#### About this exercise
Exclude the pictures, then repeat the remaining data exactly.

#### Task inputs

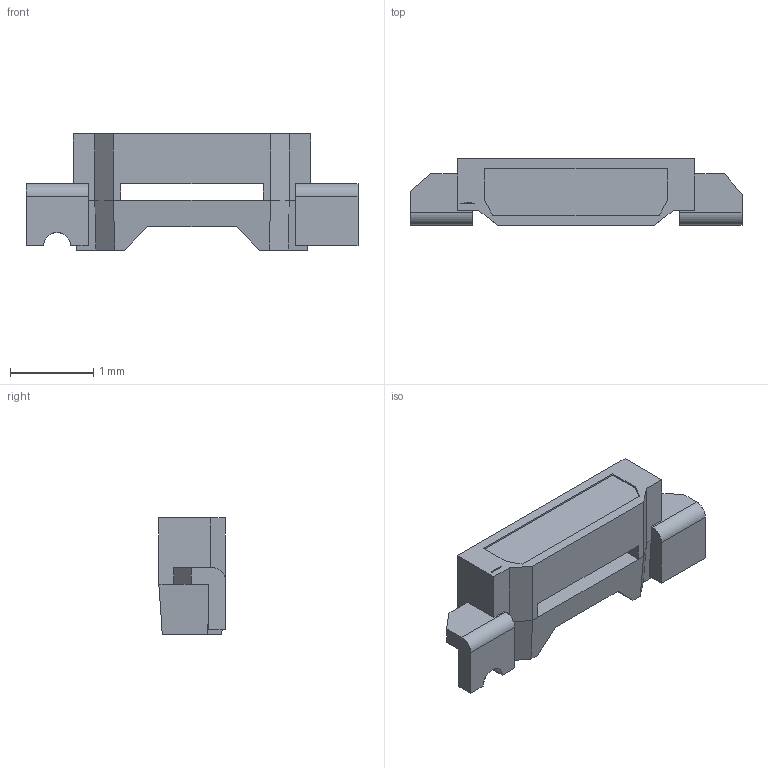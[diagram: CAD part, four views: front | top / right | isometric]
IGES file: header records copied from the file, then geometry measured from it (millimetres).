
Start section: SolidWorks IGES file using analytic representation for surfaces
Global section: file name: AA4008.IGS; native system: SolidWorks 2012; preprocessor: SolidWorks 2012; author: FrankH; date: 170815.145854; units: millimetre
Bounding box: 4 x 0.8 x 1.4 mm (x, y, z)
Surface area: 19.5 mm2 (no closed solid volume)
Topology: 0 solids, 0 shells, 338 faces, 1862 edges, 1862 vertices
Faces by surface type: bspline 335, revolution 3
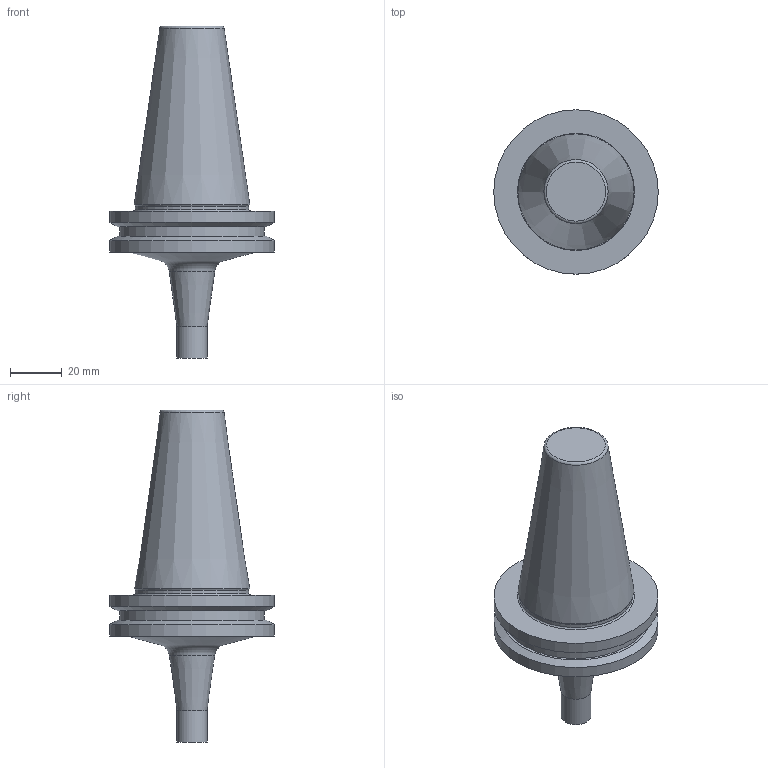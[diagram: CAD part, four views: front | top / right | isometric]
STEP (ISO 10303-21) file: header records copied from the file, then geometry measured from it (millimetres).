
FILE_DESCRIPTION(/* description */ ('3-D model version:1'),/* implementation_level */ '2;1');
FILE_NAME(/* name */ '392.140EH-4012060',/* time_stamp */ '2016-12-02T13:57:16',/* author */ ('InteractiveCad'),/* organization */ ('AB Sandvik Coromant'),/* preprocessor_version */ 'ST-DEVELOPER v11',/* originating_system */ 'SIEMENS UGS NX 6.0',/* authorization */ '');
FILE_SCHEMA(('AUTOMOTIVE_DESIGN'));
Length unit declared in the file: millimetre
Products named in the file (1): ds66C9944o7f
Bounding box: 63.5 x 63.5 x 128.22 mm (x, y, z)
Volume: 127129.6 mm3; surface area: 18638.4 mm2
Topology: 1 solids, 1 shells, 20 faces, 34 edges, 20 vertices
Faces by surface type: plane 6, cone 6, cylinder 5, torus 3
Full cylindrical faces by diameter (mm): 11.6 x1, 44 x1, 56 x1, 63.5 x2
Entity records: 446 total; most frequent: DIRECTION 84, CARTESIAN_POINT 79, AXIS2_PLACEMENT_3D 42, EDGE_LOOP 38, ORIENTED_EDGE 38, FACE_BOUND 36, ADVANCED_FACE 20, VERTEX_POINT 19

#### Response to the exercise
[diagram: CAD part, four views: front | top / right | isometric]
IGES file: header records copied from the file, then geometry measured from it (millimetres).
Start section: SolidWorks IGES file using analytic representation for surfaces
Global section: file name: AA4008.IGS; native system: SolidWorks 2012; preprocessor: SolidWorks 2012; author: FrankH; date: 170815.145854; units: millimetre
Bounding box: 4 x 0.8 x 1.4 mm (x, y, z)
Surface area: 19.5 mm2 (no closed solid volume)
Topology: 0 solids, 0 shells, 338 faces, 1862 edges, 1862 vertices
Faces by surface type: bspline 335, revolution 3
[diagram: CAD part, four views: front | top / right | isometric]
STEP (ISO 10303-21) file: header records copied from the file, then geometry measured from it (millimetres).
FILE_DESCRIPTION(/* description */ ('3-D model version:1'),/* implementation_level */ '2;1');
FILE_NAME(/* name */ '392.140EH-4012060',/* time_stamp */ '2016-12-02T13:57:16',/* author */ ('InteractiveCad'),/* organization */ ('AB Sandvik Coromant'),/* preprocessor_version */ 'ST-DEVELOPER v11',/* originating_system */ 'SIEMENS UGS NX 6.0',/* authorization */ '');
FILE_SCHEMA(('AUTOMOTIVE_DESIGN'));
Length unit declared in the file: millimetre
Products named in the file (1): ds66C9944o7f
Bounding box: 63.5 x 63.5 x 128.22 mm (x, y, z)
Volume: 127129.6 mm3; surface area: 18638.4 mm2
Topology: 1 solids, 1 shells, 20 faces, 34 edges, 20 vertices
Faces by surface type: plane 6, cone 6, cylinder 5, torus 3
Full cylindrical faces by diameter (mm): 11.6 x1, 44 x1, 56 x1, 63.5 x2
Entity records: 446 total; most frequent: DIRECTION 84, CARTESIAN_POINT 79, AXIS2_PLACEMENT_3D 42, EDGE_LOOP 38, ORIENTED_EDGE 38, FACE_BOUND 36, ADVANCED_FACE 20, VERTEX_POINT 19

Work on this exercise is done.